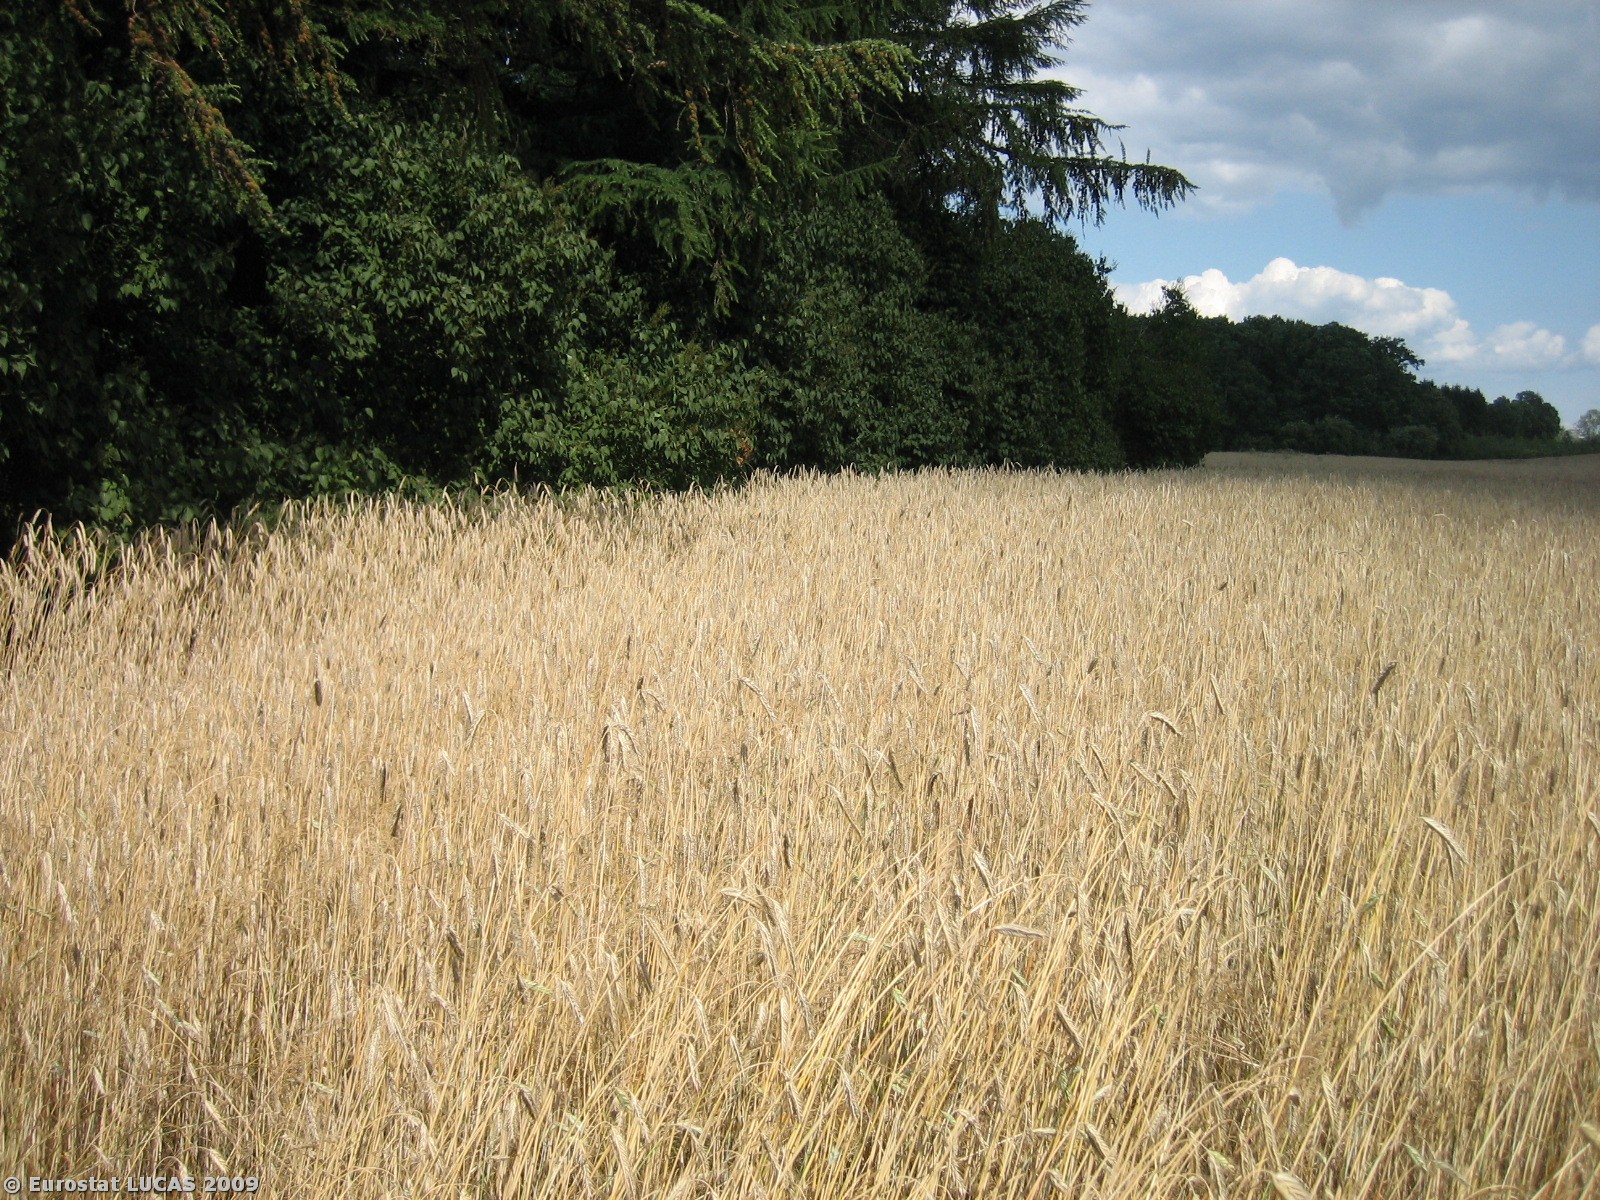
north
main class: Cropland
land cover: Rye
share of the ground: > 75 %
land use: Agriculture (excluding fallow land and kitchen gardens)
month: July
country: DK
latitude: 55.5047
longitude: 10.0158
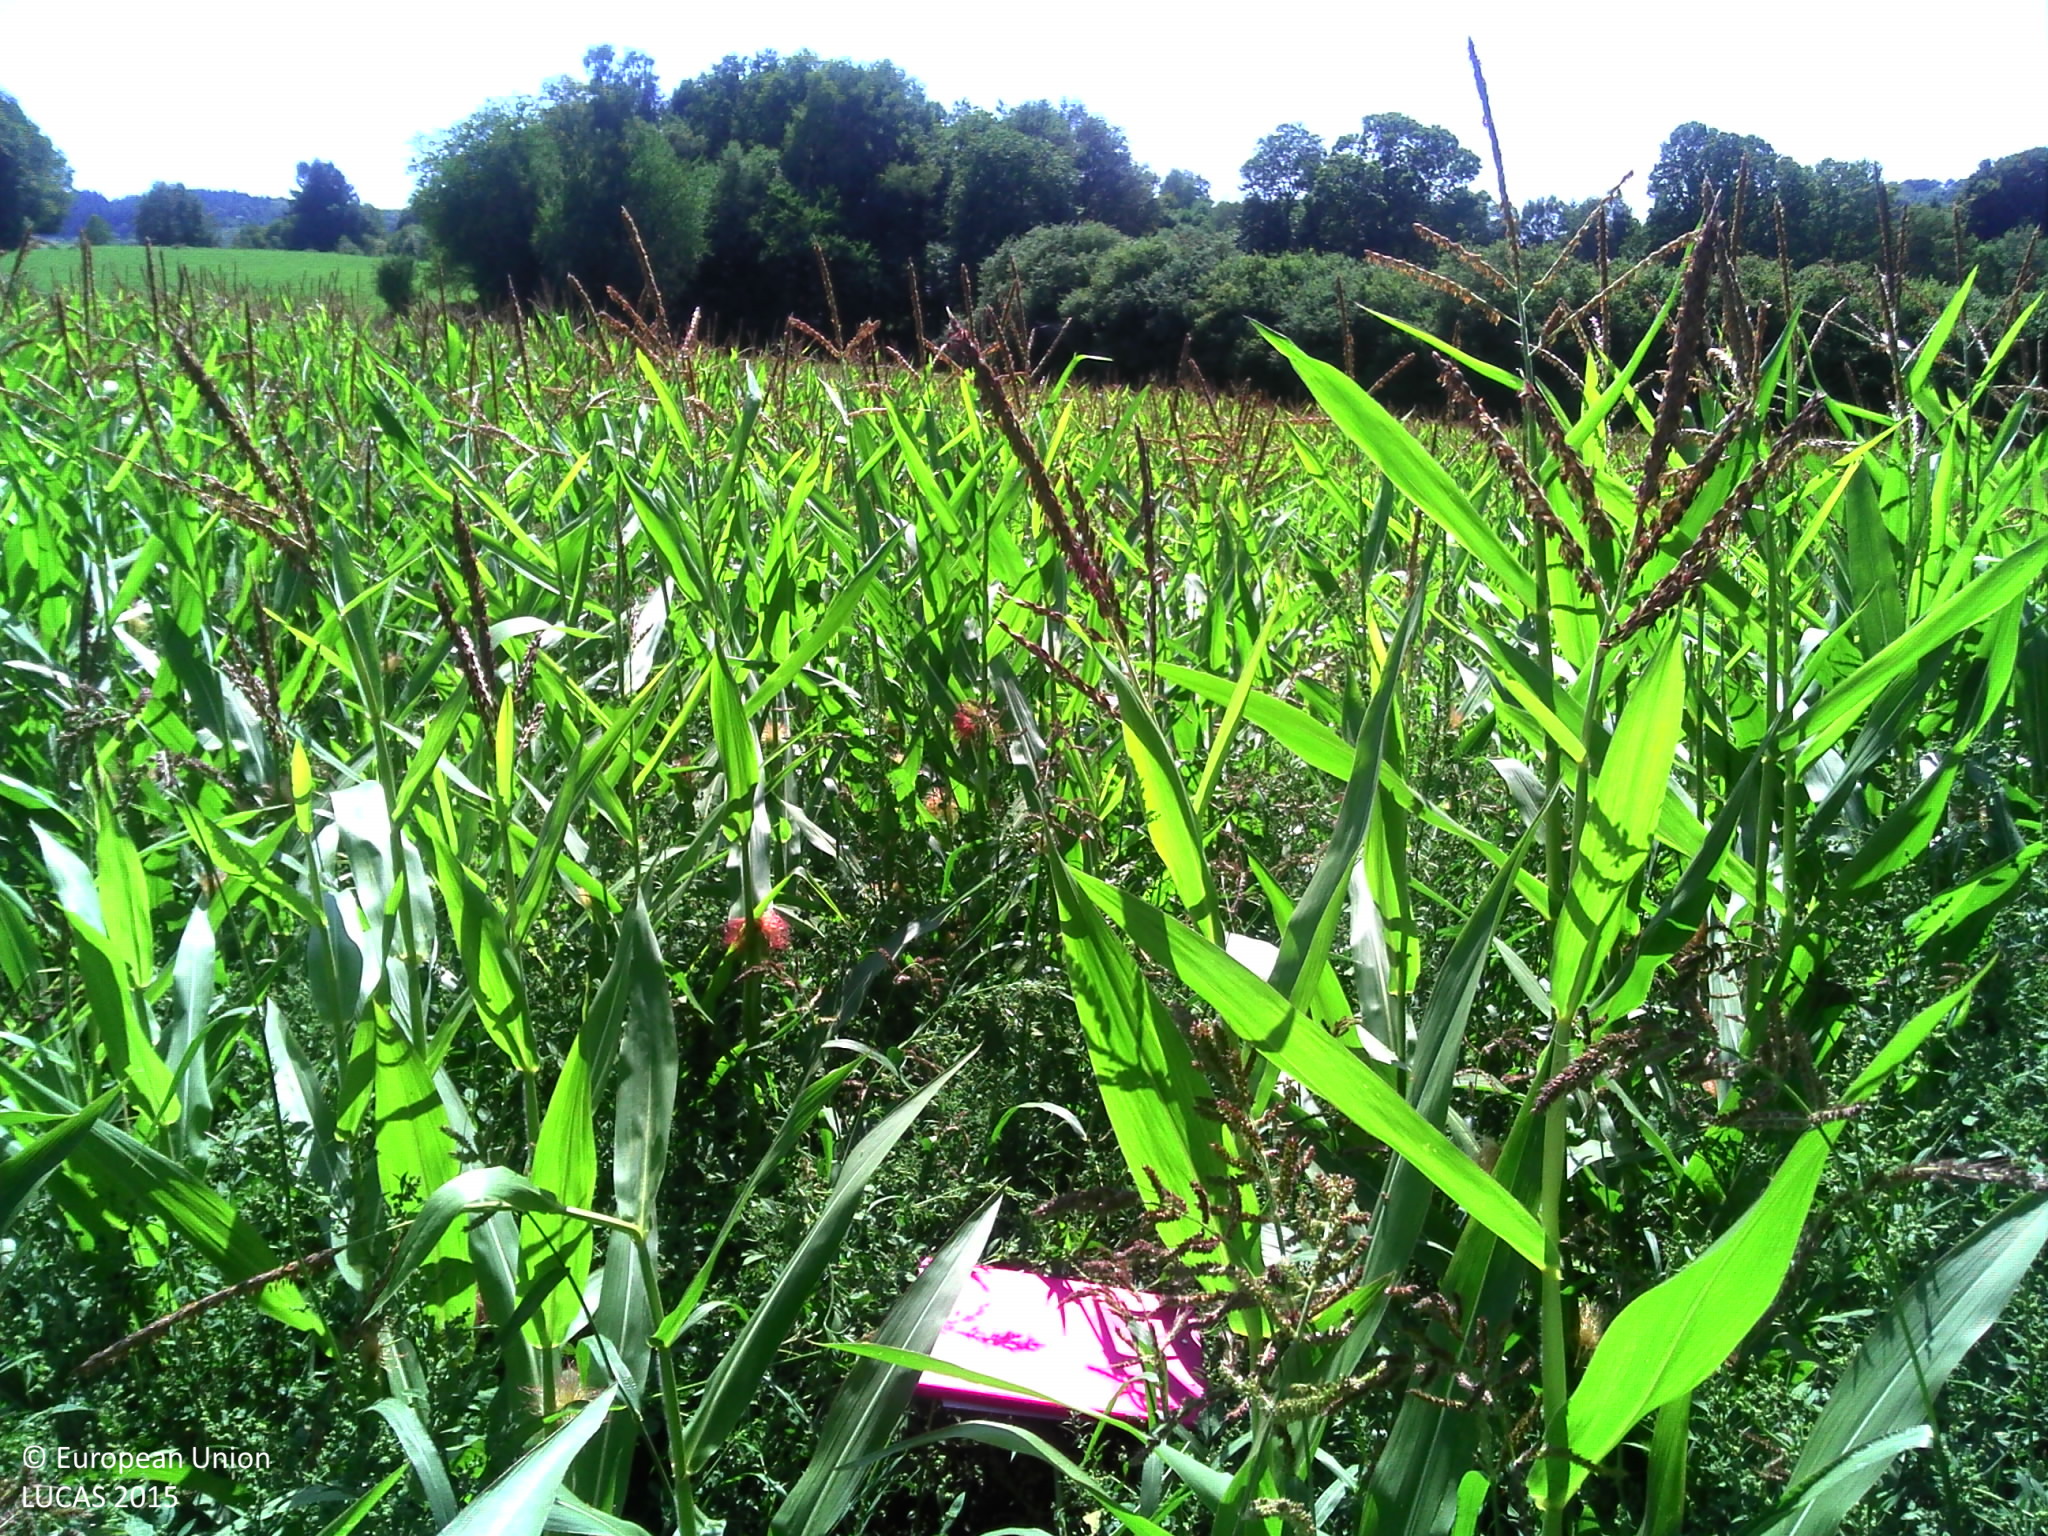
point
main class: Cropland
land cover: Maize
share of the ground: 50 - 75 %
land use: Agriculture (excluding fallow land and kitchen gardens)
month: August
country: FR
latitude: 45.8661
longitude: 1.7106

------------------------------------------------------------------------

▸ Directions
Omit the pictures and reproduce the remaining material above exactly.

▸ Solution to the problem
north
main class: Cropland
land cover: Rye
share of the ground: > 75 %
land use: Agriculture (excluding fallow land and kitchen gardens)
month: July
country: DK
latitude: 55.5047
longitude: 10.0158
point
main class: Cropland
land cover: Maize
share of the ground: 50 - 75 %
land use: Agriculture (excluding fallow land and kitchen gardens)
month: August
country: FR
latitude: 45.8661
longitude: 1.7106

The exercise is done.